START Information provided

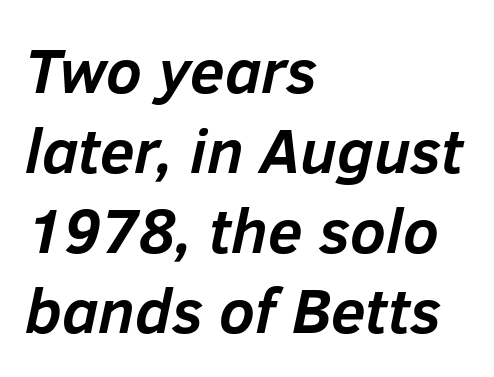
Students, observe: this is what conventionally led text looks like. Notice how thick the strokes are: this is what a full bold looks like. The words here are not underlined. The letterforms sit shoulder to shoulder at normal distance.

END Information provided
START Information provided

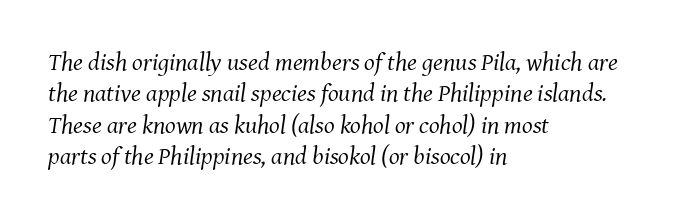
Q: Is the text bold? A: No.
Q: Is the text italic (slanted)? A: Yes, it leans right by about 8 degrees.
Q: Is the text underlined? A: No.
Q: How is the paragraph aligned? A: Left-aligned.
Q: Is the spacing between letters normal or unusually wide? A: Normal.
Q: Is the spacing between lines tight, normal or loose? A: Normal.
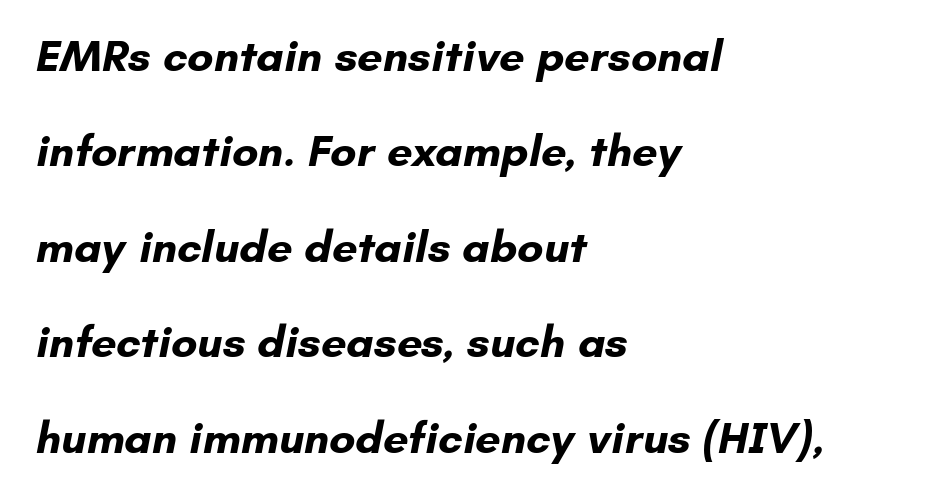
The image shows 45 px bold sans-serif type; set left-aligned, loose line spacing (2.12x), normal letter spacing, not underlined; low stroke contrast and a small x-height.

END Information provided

Produce an exact reproduction of the listing above, limited to the lines starting at the line with "Q: Is the spacing between letters" and ending at the line with "The image shows", both kept, with every picture left out.

● **Solution to this exercise**:
Q: Is the spacing between letters normal or unusually wide? A: Normal.
Q: Is the spacing between lines tight, normal or loose? A: Normal.
The image shows 45 px bold sans-serif type; set left-aligned, loose line spacing (2.12x), normal letter spacing, not underlined; low stroke contrast and a small x-height.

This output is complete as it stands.